» PROBLEM: When a line in the listing contains the string "highest", pick it out and copy it.

» PROVIDED MATERIAL:
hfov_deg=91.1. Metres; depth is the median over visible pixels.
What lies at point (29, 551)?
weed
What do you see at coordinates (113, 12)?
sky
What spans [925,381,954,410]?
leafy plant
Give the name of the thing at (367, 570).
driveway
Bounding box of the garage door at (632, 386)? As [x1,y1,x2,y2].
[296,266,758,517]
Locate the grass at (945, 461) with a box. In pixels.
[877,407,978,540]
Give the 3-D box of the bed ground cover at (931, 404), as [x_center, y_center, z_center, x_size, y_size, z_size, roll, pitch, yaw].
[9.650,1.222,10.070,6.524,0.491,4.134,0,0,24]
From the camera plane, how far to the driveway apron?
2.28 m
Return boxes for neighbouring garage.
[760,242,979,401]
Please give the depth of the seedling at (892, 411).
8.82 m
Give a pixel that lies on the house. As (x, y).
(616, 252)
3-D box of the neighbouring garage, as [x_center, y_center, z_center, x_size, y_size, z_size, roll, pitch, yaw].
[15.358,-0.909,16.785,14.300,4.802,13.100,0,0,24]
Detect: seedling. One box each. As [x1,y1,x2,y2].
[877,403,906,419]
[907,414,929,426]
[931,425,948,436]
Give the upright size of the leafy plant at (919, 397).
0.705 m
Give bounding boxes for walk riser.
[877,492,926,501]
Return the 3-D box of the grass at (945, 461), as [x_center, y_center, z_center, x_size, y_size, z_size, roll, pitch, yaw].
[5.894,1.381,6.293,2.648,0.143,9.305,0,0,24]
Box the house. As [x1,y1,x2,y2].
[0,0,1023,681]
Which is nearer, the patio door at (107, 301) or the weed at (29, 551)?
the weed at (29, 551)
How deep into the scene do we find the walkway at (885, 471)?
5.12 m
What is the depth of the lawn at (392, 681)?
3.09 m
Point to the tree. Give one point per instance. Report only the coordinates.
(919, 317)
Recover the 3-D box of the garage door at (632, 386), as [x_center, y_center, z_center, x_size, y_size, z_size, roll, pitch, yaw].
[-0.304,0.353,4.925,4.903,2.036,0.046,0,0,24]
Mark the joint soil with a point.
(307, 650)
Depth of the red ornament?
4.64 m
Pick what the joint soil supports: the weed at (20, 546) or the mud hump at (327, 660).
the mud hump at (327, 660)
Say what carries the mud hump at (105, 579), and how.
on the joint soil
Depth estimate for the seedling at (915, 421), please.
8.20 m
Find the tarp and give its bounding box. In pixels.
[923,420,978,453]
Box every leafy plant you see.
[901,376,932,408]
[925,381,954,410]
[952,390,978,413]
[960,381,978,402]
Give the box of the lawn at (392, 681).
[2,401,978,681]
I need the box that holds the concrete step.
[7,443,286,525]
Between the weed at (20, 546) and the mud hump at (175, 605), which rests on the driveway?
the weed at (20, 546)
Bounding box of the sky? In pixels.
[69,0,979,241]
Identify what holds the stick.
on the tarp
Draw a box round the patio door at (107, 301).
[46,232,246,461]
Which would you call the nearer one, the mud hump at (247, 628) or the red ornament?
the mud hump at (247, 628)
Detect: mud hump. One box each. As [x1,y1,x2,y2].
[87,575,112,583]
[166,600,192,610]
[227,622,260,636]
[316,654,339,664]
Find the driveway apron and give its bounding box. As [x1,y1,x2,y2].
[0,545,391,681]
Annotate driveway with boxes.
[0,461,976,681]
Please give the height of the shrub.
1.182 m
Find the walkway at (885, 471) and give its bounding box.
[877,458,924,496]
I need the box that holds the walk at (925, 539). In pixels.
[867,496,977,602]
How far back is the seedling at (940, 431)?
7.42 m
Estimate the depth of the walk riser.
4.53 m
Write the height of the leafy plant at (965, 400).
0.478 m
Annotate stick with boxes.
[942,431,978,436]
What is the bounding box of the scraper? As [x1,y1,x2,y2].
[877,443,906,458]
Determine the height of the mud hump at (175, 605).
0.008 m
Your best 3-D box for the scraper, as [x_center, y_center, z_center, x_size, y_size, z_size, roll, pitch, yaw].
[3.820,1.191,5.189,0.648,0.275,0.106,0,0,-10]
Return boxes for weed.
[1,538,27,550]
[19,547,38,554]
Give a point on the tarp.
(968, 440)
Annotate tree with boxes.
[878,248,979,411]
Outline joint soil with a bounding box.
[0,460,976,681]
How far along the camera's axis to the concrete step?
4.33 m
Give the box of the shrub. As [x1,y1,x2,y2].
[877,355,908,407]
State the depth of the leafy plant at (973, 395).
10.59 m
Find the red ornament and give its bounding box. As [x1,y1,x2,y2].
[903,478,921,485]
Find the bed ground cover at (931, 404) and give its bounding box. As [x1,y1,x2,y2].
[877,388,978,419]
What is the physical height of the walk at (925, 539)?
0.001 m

--

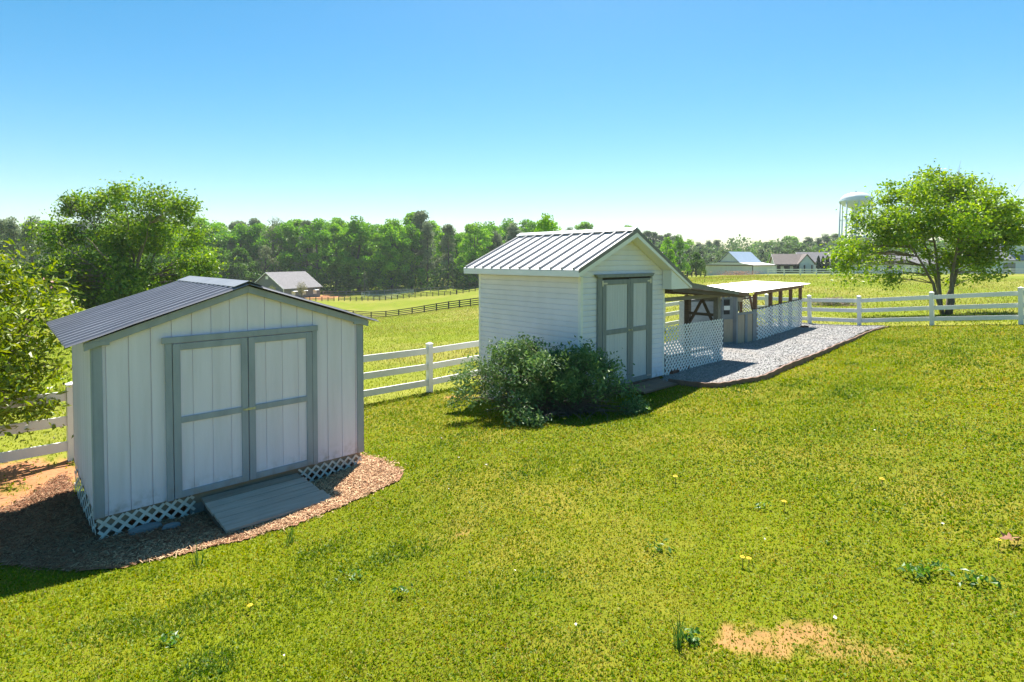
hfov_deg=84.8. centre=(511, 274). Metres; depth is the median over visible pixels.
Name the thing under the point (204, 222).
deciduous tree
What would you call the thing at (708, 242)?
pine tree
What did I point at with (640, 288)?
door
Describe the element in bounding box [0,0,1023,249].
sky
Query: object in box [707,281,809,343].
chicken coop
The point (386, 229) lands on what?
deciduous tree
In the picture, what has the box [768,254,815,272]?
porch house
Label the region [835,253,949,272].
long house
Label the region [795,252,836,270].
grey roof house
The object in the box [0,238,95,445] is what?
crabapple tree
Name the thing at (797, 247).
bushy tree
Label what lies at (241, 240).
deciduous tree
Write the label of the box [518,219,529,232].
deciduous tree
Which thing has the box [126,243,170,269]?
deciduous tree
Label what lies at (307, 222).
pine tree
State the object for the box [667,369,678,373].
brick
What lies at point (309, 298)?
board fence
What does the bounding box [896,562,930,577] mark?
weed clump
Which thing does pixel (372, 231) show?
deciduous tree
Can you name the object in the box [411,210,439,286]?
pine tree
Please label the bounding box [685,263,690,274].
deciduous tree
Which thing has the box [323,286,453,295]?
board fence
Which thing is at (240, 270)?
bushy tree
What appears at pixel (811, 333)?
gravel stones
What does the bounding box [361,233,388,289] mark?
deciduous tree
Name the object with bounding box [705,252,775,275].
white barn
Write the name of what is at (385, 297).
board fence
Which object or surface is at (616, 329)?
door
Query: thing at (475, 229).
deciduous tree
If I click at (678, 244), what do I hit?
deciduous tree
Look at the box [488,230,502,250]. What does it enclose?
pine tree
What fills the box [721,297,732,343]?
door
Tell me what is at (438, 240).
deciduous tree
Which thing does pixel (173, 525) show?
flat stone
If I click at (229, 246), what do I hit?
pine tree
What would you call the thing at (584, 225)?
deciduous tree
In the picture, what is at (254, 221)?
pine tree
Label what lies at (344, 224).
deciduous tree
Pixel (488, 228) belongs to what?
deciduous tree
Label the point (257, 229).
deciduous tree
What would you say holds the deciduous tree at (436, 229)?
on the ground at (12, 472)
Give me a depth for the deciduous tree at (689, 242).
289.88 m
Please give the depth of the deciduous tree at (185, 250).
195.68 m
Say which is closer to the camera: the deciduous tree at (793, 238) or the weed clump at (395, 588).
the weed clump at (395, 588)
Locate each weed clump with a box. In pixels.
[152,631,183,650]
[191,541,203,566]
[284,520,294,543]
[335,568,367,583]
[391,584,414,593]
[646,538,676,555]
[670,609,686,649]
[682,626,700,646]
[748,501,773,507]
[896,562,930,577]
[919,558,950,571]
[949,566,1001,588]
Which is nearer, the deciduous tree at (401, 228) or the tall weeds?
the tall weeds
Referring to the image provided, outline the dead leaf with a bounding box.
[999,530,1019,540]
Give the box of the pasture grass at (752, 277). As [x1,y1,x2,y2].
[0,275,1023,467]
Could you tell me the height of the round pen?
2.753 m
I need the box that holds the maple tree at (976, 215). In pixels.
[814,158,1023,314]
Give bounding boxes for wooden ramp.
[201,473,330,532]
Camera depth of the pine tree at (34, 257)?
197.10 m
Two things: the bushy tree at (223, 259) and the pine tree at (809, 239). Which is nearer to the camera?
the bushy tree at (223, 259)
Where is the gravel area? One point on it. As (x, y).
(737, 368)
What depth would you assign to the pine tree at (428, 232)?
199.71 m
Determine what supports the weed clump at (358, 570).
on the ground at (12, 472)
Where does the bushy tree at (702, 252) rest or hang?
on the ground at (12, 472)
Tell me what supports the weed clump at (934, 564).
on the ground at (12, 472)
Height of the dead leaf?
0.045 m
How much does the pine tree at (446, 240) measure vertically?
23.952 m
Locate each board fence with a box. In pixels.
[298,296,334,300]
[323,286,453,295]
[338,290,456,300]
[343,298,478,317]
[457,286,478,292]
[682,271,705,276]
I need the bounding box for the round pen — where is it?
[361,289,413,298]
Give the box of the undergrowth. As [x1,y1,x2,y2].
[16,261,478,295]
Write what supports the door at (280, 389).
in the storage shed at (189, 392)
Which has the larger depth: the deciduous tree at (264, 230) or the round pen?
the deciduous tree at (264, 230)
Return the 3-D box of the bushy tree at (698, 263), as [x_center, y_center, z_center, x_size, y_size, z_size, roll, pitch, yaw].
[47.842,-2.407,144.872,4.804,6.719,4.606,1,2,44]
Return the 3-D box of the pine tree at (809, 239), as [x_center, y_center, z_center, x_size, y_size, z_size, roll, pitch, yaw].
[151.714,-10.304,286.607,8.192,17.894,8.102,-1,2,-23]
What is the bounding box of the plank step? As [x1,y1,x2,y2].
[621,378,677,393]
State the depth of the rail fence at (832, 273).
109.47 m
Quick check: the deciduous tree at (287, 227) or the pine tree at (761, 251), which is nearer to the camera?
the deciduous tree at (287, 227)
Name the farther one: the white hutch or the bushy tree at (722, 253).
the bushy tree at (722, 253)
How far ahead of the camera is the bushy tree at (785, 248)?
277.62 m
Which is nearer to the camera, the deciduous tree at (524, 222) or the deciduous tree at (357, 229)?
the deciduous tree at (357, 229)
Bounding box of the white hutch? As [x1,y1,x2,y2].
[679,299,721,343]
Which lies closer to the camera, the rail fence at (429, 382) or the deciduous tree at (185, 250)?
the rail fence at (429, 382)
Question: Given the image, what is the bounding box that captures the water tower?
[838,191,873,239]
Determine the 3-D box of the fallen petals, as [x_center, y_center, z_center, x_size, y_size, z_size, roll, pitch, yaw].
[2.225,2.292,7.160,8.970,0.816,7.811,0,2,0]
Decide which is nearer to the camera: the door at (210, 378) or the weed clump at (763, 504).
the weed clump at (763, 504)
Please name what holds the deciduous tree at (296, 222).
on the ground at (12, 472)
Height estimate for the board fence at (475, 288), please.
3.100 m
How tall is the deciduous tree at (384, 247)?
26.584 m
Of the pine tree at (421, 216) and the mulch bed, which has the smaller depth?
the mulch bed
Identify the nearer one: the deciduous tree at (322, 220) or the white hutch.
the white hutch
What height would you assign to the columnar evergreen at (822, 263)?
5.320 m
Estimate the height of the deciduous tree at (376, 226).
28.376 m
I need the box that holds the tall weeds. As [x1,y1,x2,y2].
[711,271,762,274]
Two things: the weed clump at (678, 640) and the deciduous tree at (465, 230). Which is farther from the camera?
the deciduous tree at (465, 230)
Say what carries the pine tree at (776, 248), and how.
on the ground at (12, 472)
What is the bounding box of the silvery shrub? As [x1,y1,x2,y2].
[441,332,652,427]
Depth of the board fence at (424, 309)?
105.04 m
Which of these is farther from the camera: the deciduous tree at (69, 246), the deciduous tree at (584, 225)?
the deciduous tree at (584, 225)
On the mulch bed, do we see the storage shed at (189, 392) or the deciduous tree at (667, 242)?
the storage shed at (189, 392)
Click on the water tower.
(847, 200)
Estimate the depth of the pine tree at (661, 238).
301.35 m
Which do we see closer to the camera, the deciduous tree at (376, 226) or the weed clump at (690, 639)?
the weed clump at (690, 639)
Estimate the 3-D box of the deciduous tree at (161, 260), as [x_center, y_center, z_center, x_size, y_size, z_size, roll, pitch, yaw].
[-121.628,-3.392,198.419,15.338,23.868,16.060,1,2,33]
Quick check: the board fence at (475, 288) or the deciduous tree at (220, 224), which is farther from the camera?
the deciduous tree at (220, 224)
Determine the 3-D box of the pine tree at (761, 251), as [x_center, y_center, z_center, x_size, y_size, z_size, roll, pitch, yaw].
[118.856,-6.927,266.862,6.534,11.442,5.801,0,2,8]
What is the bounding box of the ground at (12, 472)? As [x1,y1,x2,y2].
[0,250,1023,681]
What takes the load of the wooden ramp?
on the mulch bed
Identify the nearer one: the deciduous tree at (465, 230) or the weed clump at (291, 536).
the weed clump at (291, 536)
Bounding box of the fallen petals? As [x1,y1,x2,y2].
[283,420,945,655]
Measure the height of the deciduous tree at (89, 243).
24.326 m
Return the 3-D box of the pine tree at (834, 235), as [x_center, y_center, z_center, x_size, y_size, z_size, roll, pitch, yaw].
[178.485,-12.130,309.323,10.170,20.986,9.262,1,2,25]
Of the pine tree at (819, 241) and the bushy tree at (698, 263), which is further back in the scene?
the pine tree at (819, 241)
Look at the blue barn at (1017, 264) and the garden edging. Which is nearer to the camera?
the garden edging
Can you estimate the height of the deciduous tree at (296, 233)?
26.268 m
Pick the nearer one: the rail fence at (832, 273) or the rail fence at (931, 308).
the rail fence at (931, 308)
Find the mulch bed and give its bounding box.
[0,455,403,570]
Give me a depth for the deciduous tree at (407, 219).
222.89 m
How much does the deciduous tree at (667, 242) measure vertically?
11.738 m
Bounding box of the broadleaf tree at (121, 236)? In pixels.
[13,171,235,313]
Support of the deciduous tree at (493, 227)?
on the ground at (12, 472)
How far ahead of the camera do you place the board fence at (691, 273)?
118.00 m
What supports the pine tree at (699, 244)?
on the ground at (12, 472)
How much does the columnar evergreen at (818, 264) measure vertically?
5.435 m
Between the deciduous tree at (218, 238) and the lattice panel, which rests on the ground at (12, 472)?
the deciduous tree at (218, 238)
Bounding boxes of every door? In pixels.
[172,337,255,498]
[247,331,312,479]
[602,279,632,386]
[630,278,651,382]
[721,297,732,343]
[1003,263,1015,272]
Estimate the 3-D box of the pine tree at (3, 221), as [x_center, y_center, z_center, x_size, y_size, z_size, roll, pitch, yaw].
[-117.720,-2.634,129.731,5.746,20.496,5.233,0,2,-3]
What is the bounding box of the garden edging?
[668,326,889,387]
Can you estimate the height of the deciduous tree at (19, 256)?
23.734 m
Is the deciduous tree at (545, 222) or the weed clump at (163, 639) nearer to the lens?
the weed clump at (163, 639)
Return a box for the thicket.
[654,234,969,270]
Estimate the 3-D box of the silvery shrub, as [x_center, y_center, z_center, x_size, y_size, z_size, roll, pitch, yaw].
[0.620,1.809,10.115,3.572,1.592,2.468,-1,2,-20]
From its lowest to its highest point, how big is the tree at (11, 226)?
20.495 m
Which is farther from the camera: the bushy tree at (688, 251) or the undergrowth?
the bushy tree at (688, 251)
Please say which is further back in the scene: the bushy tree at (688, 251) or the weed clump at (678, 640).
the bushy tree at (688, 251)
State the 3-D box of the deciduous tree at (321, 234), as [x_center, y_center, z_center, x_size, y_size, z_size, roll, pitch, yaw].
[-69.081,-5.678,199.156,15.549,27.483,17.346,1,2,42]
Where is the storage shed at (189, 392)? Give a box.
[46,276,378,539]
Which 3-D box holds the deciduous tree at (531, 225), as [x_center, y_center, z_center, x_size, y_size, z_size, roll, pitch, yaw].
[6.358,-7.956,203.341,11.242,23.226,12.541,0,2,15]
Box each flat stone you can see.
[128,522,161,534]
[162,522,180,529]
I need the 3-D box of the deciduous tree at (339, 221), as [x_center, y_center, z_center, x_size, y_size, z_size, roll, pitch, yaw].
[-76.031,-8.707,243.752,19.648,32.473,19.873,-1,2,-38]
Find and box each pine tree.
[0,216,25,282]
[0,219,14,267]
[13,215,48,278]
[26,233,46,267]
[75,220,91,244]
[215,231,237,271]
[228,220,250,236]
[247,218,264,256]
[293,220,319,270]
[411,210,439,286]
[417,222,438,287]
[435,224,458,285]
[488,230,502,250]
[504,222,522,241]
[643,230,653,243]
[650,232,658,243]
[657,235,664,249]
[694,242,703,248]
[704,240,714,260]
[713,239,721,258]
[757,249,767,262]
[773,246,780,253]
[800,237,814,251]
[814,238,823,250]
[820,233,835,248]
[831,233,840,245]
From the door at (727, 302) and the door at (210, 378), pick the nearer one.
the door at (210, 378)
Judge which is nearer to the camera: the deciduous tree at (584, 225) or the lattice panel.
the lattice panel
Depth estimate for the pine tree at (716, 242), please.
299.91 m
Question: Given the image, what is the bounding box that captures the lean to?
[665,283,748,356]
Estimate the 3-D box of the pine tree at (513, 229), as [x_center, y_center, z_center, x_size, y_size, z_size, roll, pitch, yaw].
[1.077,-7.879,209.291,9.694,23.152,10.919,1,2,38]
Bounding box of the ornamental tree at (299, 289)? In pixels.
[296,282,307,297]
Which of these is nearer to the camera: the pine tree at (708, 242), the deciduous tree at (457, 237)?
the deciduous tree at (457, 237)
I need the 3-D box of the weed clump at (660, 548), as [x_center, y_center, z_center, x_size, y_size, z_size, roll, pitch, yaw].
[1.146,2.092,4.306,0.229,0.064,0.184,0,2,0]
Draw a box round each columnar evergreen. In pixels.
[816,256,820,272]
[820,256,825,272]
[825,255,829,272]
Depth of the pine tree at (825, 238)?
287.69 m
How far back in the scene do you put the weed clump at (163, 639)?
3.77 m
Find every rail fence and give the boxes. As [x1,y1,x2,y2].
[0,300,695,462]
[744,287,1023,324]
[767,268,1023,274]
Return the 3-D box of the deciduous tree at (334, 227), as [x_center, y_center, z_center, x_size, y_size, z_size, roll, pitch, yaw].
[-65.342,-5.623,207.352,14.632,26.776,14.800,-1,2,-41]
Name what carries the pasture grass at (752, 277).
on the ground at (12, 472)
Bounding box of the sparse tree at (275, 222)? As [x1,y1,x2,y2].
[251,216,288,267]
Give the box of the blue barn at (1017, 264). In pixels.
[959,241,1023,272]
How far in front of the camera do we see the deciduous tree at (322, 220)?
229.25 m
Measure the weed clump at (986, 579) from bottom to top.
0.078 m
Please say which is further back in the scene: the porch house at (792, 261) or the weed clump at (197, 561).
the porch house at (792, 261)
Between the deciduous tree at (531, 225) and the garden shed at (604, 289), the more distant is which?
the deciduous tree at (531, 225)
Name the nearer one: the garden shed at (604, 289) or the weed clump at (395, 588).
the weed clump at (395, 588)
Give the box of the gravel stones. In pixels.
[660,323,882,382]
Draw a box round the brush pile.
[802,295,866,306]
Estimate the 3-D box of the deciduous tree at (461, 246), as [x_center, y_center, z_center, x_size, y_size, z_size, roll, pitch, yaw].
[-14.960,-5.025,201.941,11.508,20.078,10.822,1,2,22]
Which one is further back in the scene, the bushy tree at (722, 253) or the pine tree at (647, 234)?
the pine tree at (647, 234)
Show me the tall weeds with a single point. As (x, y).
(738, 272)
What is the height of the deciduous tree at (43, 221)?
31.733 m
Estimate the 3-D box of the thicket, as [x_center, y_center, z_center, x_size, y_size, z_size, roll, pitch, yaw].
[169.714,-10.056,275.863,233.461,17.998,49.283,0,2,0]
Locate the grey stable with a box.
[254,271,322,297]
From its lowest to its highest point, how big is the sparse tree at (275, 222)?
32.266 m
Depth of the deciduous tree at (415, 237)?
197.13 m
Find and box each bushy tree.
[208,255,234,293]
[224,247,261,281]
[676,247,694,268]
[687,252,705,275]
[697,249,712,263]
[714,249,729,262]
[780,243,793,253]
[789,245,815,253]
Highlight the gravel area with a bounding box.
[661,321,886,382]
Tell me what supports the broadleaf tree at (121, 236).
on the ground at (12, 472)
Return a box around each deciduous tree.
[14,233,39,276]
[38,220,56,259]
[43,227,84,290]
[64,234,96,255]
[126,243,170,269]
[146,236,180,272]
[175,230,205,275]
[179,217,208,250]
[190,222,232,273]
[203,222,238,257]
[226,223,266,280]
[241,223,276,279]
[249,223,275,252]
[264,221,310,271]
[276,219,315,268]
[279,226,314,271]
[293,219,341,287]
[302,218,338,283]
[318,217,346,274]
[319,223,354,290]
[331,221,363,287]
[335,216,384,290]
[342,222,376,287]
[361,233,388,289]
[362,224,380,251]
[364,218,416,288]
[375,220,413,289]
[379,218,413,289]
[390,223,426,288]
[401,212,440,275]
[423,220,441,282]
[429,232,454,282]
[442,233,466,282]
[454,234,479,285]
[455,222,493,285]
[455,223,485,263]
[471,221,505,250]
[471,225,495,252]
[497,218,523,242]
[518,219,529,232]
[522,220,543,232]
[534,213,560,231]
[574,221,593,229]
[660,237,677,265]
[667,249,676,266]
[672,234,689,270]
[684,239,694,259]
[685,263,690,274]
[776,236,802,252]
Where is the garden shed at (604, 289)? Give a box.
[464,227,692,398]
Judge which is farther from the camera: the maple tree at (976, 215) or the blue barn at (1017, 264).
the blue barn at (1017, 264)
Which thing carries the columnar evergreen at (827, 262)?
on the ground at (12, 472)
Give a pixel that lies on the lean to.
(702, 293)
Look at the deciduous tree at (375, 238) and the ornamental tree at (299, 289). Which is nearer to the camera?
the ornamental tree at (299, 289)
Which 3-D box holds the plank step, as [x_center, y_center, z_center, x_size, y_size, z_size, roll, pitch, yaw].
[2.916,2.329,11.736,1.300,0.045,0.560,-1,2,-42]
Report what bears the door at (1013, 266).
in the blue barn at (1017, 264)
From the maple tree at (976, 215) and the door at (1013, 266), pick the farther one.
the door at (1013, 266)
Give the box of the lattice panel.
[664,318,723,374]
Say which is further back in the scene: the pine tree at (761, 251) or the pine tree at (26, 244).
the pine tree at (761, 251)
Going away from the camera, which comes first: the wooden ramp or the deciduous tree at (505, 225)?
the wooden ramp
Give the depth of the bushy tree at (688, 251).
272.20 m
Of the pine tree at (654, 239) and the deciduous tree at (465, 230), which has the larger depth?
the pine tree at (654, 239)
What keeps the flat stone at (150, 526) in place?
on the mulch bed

» EXPECTED ANSWER:
From its lowest to its highest point, how big is the tree at (11, 226)?
From its lowest to its highest point, how big is the sparse tree at (275, 222)?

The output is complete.